It seems like Urabe, Shyouhei succeeded to write an efficient optimizer for Ruby: https://github.com/ruby/ruby/pull/1419
Since Ruby and CPython design are similar, maybe we can pick some ideas. It seems like the optimizer is not done yet, the PR is not merged yet.
I don't understand how the optimizer works. An interesting commit: https://github.com/ruby/ruby/pull/1419/commits/d7b376949eb1626b9e5088f907db4...
basic optimization infrastructure
This commit adds on-the-fly ISeq analyzer. It detects an ISeq's purity, i.e. if that ISeq has side-effect or not. Purity is the key concept of whole optimization techniques in general, but in Ruby it is yet more important because there is a method called eval. A pure ISeq is free from eval, while those not pure are stuck in the limbo where any of its side effects _could_ result in (possibly aliased) call to eval. So an optimization tend not be possible against them.

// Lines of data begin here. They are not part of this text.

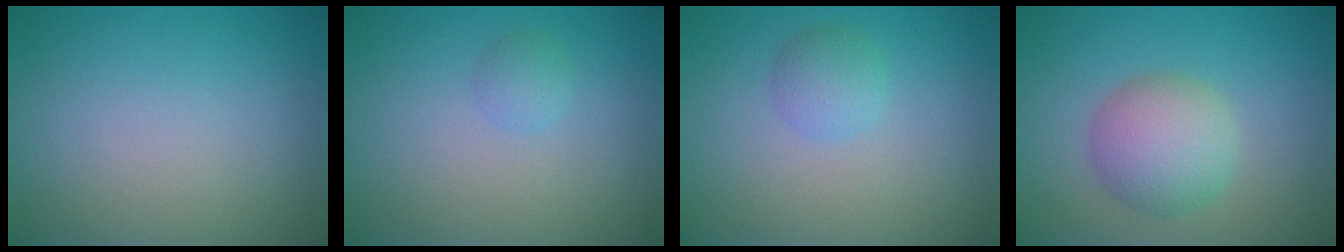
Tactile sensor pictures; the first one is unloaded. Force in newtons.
{"total": 1.1, "press": 1.1, "slide": 0.0}
{"total": 1.9, "press": 1.9, "slide": 0.0}
{"total": 4.7, "press": 4.7, "slide": 0.1}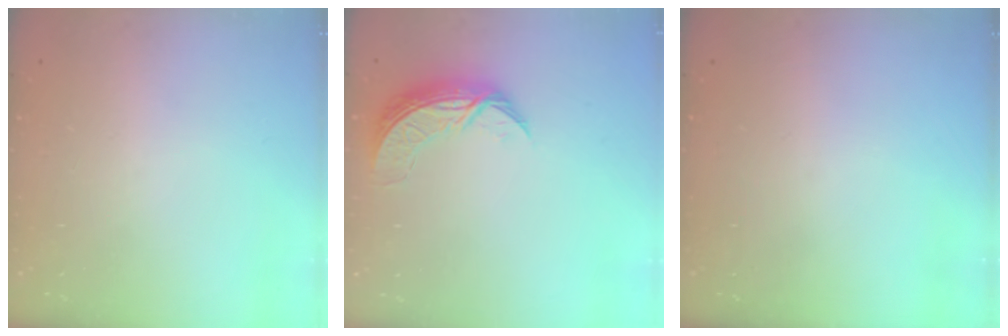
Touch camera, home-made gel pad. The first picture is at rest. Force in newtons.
{"total": 7.7, "press": 7.6, "slide": 0.7}
{"total": 0.0}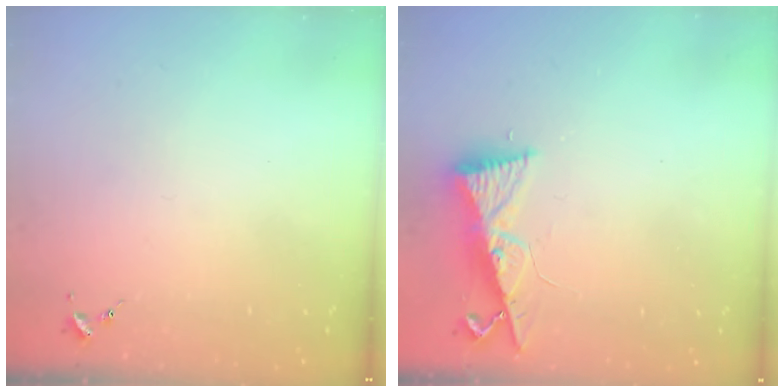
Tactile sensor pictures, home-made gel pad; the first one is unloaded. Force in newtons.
{"total": 8.5, "press": 8.5, "slide": 1.0}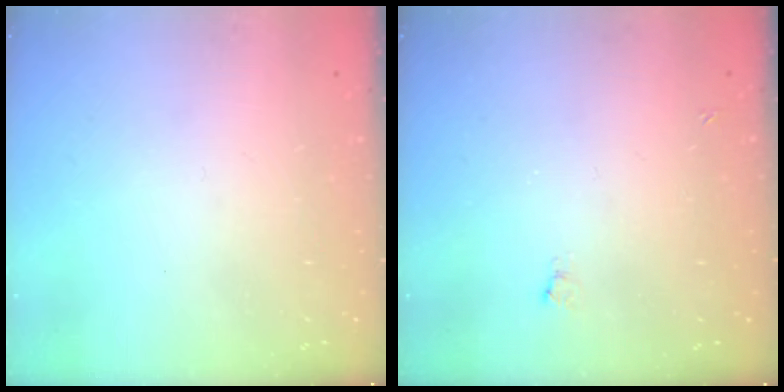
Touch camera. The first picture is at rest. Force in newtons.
{"total": 2.6, "press": 2.6, "slide": 0.5}

Note however, that the analyzer cannot statically say if the ISeq in question is pure or not. It categorizes an ISeq into 3 states namely pure, not pure, or "unpredictable". The last category is used when for instance there are branches yet to be analyzed, or method calls to another unpredictable ISeq.
An ISeq's purity changes over time, not only by redefinition of methods, but by other optimizations, like, by entering a rarely-taken branch of a formerly-unpredictable ISeq to kick analyzer to fix its purity. Such change propagates to its callers.
optimize.c: new file.
optimize.h: new file.
common.mk (COMMONOBJS): dependencies for new files.
iseq.h (ISEQ_NEEDS_ANALYZE): new flag to denote the iseq in question might need (re)analyzing.
I had this link in my bookmark for months, but I forgot it. This email is not to forget it again ;-) Someone may find it useful!